Saloua Chatti: Existential import in Avicenna’s modal logic

In this paper, I raise the following problem: What propositions have an existential import in Avicenna’s modal theory? Which ones do not? Starting from the assumption that a proposition has an import if it cannot be true in case the subject’s referent is non-existent, I briefly discuss the import of absolute (that is, assertoric) propositions, then I analyze the import of the modal propositions, whether their modalities are external or internal, by taking into account Avicenna’s definitions of necessity and possibility and the relations between modal propositions. These relations help determine the import of the negative propositions, once that of the affirmatives is settled. But Avicenna’s theory is not so clear, for while the necessary affirmative propositions seem to have an import, the case of possible propositions is more obscure and depends on the kind of possibility considered.

Catarina Dutilh Novaes: Ockham and Buridan on the semantics of divided modal propositions

Divided modal propositions are those where the modality occurs as an adverb modifying the copula, such as ‘A man is necessarily an animal’. They contrast with composite modal propositions, where the modality is predicated of a whole proposition in nominalized form, e.g. ‘That a man is an animal is necessary’. Both William of Ockham and John Buridan discuss extensively the semantics of the two kinds of modal propositions, and at first sight it may seem that they ascribe similar semantic properties to divided modal propositions. However, while Ockham maintains that the modal term only affects the supposition of the predicate, for Buridan a proposition such as ‘A man is necessarily an animal’ is equivalent to ‘That which is or can be a man is necessarily an animal’. In other words, for Buridan the subject of a divided modal proposition behaves like a term disjunction. This has a number of interesting consequences for the logical properties of such proposition, which Buridan investigates in Book II of his Treatise on Consequences.

Wilfrid Hodges: Permanent and necessary in Ibn Sina
In various places Ibn Sina makes what to all appearances are highly incompatible statements about the relationship between permanent and necessary. We offer a resolution. It rests on an examination of Ibn Sina’s probable sources going back to Theophrastus, and Ibn Sina’s own explanation of one of these incompatibilities. Ibn Sina emerges as a highly original semanticist who can point out new things even to a modern reader, but the view he presents would serve badly as a basis for a systematic modal logic. (Slides and evidence will be on my website.)

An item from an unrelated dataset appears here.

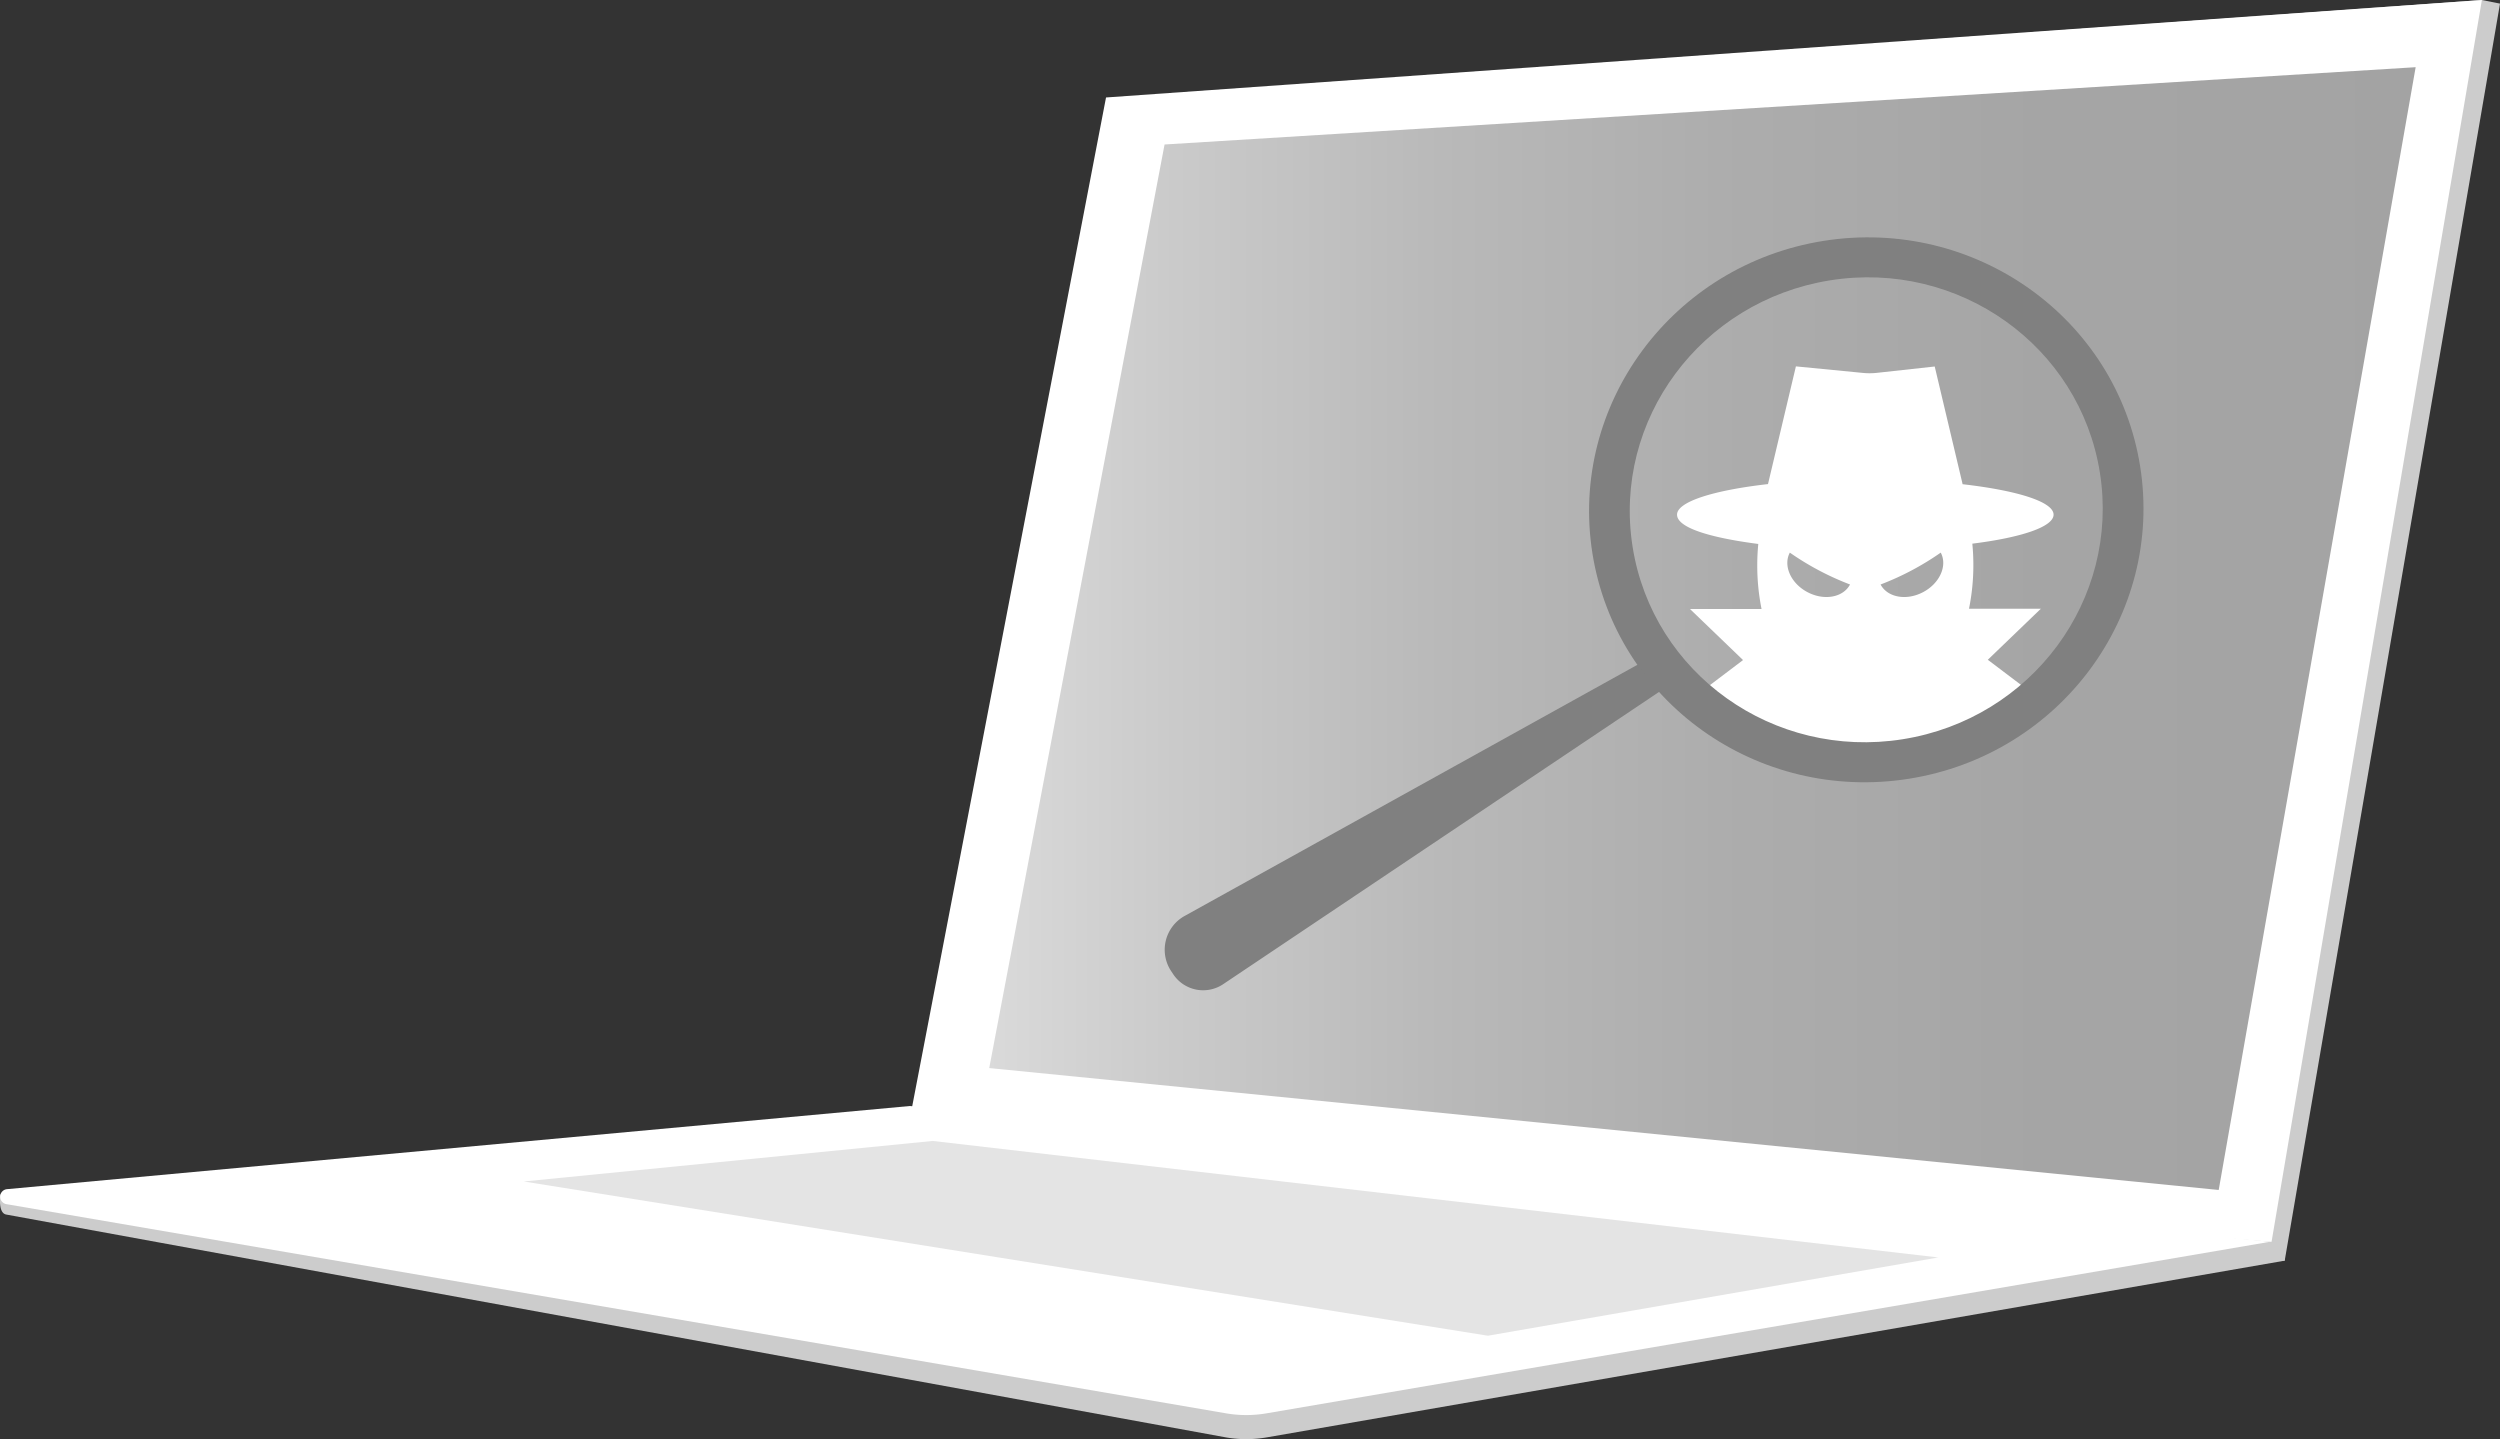 <svg xmlns="http://www.w3.org/2000/svg" xmlns:xlink="http://www.w3.org/1999/xlink" id="Camada_1" data-name="Camada 1" viewBox="0 0 436.02 251"><rect x="0" y="0" width="436.02" height="251" fill="#333333" stroke="none"/><defs><style>.cls-1,.cls-3{fill:#ccc;}.cls-2{fill:#fff;}.cls-3{opacity:0.53;}.cls-4{opacity:0.72;fill:url(#Gradiente_sem_nome_3);}.cls-5{fill:gray;}</style><linearGradient id="Gradiente_sem_nome_3" x1="172.53" y1="109.63" x2="421.31" y2="109.63" gradientUnits="userSpaceOnUse"><stop offset="0" stop-color="#ccc"></stop><stop offset="0.13" stop-color="#b6b6b6"></stop><stop offset="0.32" stop-color="#9e9e9e"></stop><stop offset="0.52" stop-color="#8d8d8d"></stop><stop offset="0.73" stop-color="#838383"></stop><stop offset="1" stop-color="gray"></stop></linearGradient></defs><polygon class="cls-1" points="162.56 196.83 197.1 17 432.86 0 436.02 0.63 398.47 219.87 395.62 219.87 162.56 196.83"></polygon><polygon class="cls-2" points="158.35 196.83 192.9 17 432.86 0 395.62 219.87 158.35 196.83"></polygon><path class="cls-1" d="M6.13,211.81l158.58-11.26,239.82,19.72v3.09L226.87,254.2a20.75,20.75,0,0,1-6.9,0L7.16,215.32C5.64,215.06,6.13,211.81,6.13,211.81Z" transform="translate(-6.06 -3.49)"></path><path class="cls-2" d="M7.27,210.89l157.44-14.5L402,220.06,226.87,250a20.75,20.75,0,0,1-6.9,0L7.16,213.5A1.32,1.32,0,0,1,7.27,210.89Z" transform="translate(-6.06 -3.49)"></path><polygon class="cls-3" points="91.35 206.06 162.67 198.99 338.04 219.31 259.49 232.96 91.35 206.06"></polygon><polygon class="cls-4" points="172.53 186.28 203.11 25.2 421.31 11.72 386.96 207.54 172.53 186.28"></polygon><path class="cls-2" d="M364.22,93.25c0-2.25-6.36-4.22-15.87-5.31l-.06-.28h0l-4.8-20.25-10.11,1.11a11.71,11.71,0,0,1-2.51,0l-11.59-1.13-4.8,20.25-.07.28C304.9,89,298.55,91,298.55,93.25s5.61,4,14.17,5.11c-.12,1.22-.18,2.47-.18,3.73a38.46,38.46,0,0,0,.75,7.62H300.81l9.25,8.9-9.25,7,30.57,13.95L362,125.56l-9.25-7,9.25-8.9H349.47a38.46,38.46,0,0,0,.76-7.62c0-1.26-.06-2.51-.18-3.73C358.61,97.24,364.22,95.37,364.22,93.25Zm-42.93,13.51c-2.9-1.53-4.27-4.62-3.07-6.89h0a48.43,48.43,0,0,0,10.5,5.56h0C327.52,107.7,324.19,108.3,321.29,106.76Zm20.18,0c-2.89,1.54-6.22.94-7.42-1.33h0a48.36,48.36,0,0,0,10.49-5.56h0C345.75,102.14,344.37,105.23,341.47,106.76Z" transform="translate(-6.06 -3.49)"></path><path class="cls-5" d="M294.6,117.79l-81.93,45.45a6.74,6.74,0,0,0-2.36,9.61l.36.54a6.27,6.27,0,0,0,8.72,1.75l78.24-52.46Z" transform="translate(-6.06 -3.49)"></path><path class="cls-5" d="M324.11,45.5c-26.38,4.19-44.43,28.58-40.32,54.49S312.62,143.5,339,139.31s44.43-28.58,40.32-54.48S350.49,41.32,324.11,45.5Zm13.79,86.92C315.4,136,294.31,121,290.8,98.87S302.7,56,325.2,52.39s43.6,11.45,47.1,33.55S360.41,128.85,337.9,132.42Z" transform="translate(-6.06 -3.49)"></path></svg>

Spencer Johnston: John Buridan’s divided modal syllogistic

John Buridan’s treatment of the modal syllogism is in many ways a departure from Aristotle’s presentation and the commentators who wrote on the Prior Analytics. In this talk I will present a semantic reconstruction of Buridan’s theory for divided propositions based on his Treatise on Consequence. During the talk we will highlight a number of interesting features about Buridan’s theory of modality, in particular the role that ampliation plays.

Stephen Read: Non-Contingency syllogisms in Buridan’s Treatise on Consequences

Whereas his predecessors attempted to make sense of, and if necessary correct, Aristotle’s theory of the modal syllogism, John Buridan starts afresh in his Treatise on Consequences, treating separately of composite and divided modals, then of syllogisms of necessity, possibility, and with mixed premises. Finally, he comes in the penultimate chapter of the treatise, Book IV ch. 3, to present a concise treatment of syllogisms with premises of contingency, that is, two-sided possibility. The previous modal syllogisms had all been taken with an affirmed mode only, since modal conversion equates negated necessity and possibility with affirmed possibility and necessity, respectively. But in his Conclusions concerning syllogisms of contingency, he also treats those with negated mode. These are the non-contingency syllogisms.

Tony Street : On translating Katibi’s Epistle for Shams al-Din on the Rules of Logic
The Shamsiyya has been the most popular Arabic text on logic since the thirteenth century, and was the main source for Rescher’s studies of Arabic modal logic in the 60s and 70s. In this paper, I discuss a number of issues that determine the way Katibi treats modal syllogistic. To do so, I draw on material in the fourteenth-century commentary on the Shamsiyya by Tahtani.

Riccardo Strobino: Having one without the other: inseparability and logical consequence

I shall discuss the relationship between the notions of inseparability and logical consequence from the standpoint of late XIVth century Latin logic. Various characterisations of “following from” will be explored and classified in order to achieve an informal definition of the latitudo of a logical consequence, based on the idea that different modalities may govern the connection between terms occurring in the premisses and the conclusions of a valid inference. The problem will also be discussed with respect to the use of impositio in the context of the theory of obligations.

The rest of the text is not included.